Article المقال ( Novembre )
Hommage à Nadia
Abdallah disparue il y a sept ans.
« Rien ne rend si grand qu’une grande douleur »
Écrit Par : Dr.NazlyFarid Conseillère Psychologique
Photo : Hani Sawires
Tu
sais Miloulou, je suis tombée dans la littérature quand j’étais toute petite.
J’ai grandi dans une maison pleine de livres. Des rayons de
« bibliothèque » avec l’œuvre complète et reliée de Victor Hugo et
d’Alfred de Musset s’offraient à la vue du petit personnage de 50 centimètres
que j’étais à l’époque. Chouchou et Fifi (ma mère et ma tante) dont j’ai suivi
les pas, étaient abonnées à « Vient de paraître » chez
l’irremplaçable Anahide Meramedjian. Férues de lecture, elles ont fréquenté ce
fameux département de langue et de littérature française de l’inénarrable Faculté
des Lettres.
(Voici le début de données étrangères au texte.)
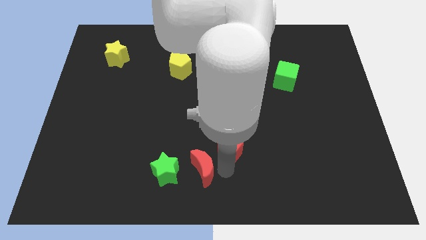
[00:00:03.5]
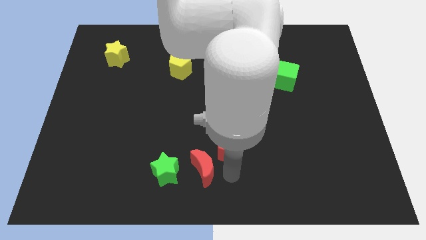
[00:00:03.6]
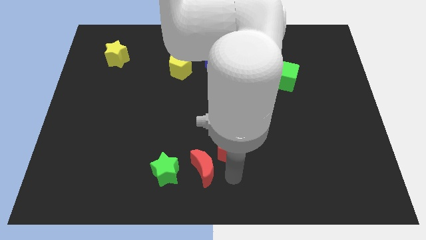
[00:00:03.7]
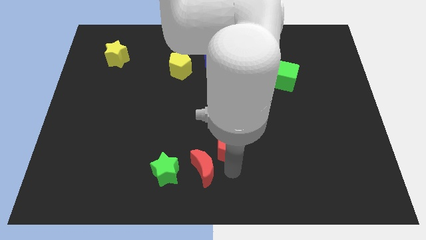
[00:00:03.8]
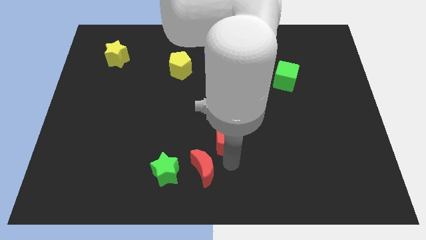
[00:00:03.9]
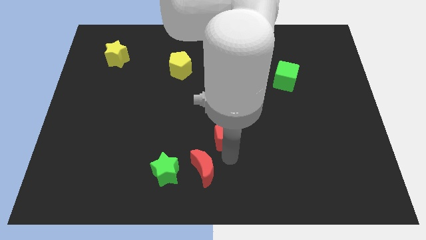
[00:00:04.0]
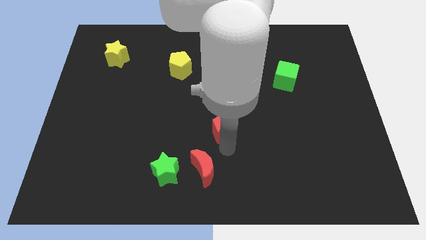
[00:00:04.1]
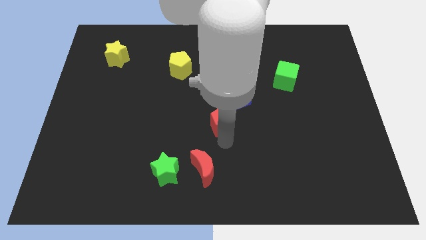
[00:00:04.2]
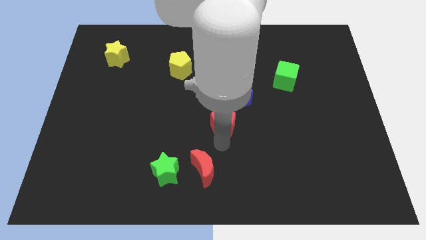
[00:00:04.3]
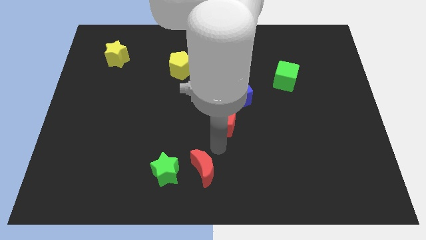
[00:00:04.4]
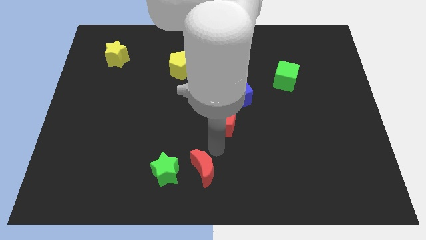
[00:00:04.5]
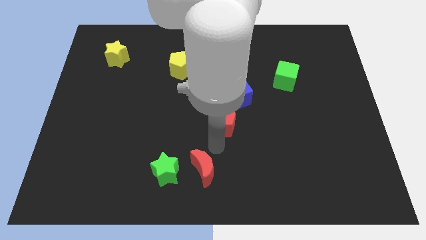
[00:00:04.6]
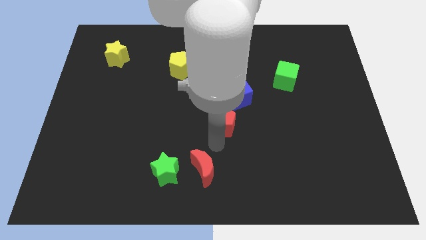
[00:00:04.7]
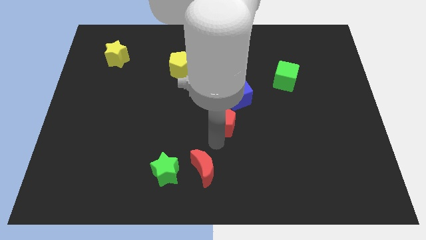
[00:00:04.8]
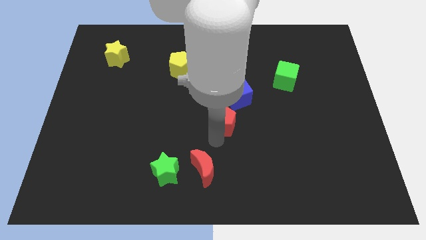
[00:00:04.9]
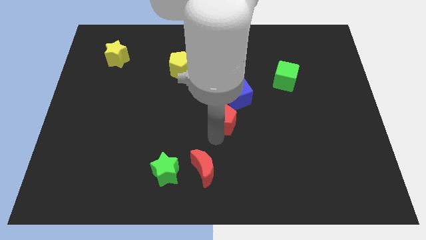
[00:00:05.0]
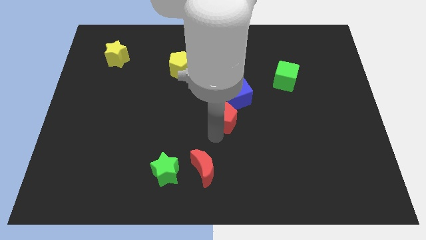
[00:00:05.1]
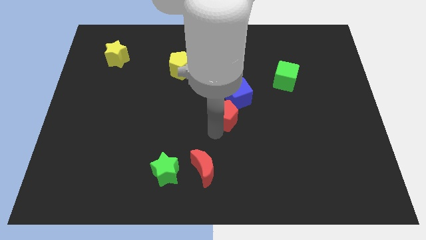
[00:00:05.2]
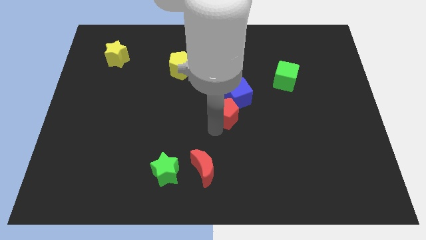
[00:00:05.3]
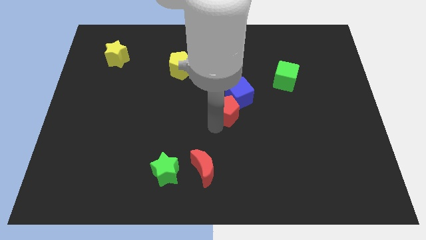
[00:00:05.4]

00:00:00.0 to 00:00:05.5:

Sur les mêmes bancs, des années plus tard, deux de leurs camarades
de promotion m’ont fait faire la connaissance de Nadja et Germinal.
Un
peu d’Antigone, de Barbier de Séville à l’école sont venus se greffer dans ma
petite tête à des centaines de pages de Comtesse de Ségur, d’Enid Blyton, de
Hergé, de Trilby et de tant d’autres.
La
lecture, la littérature, les livres et les mots étaient une sorte de
prédestination !
En
1984, avec mon irremplaçable amie de toujours, Maha Aref, munies de nos piteux
pourcentages de bac de maths, nous avons débarqué dans ce quatrième étage non
moins piteux ! A l’épreuve d’entrée, nous devions pondre une rédaction.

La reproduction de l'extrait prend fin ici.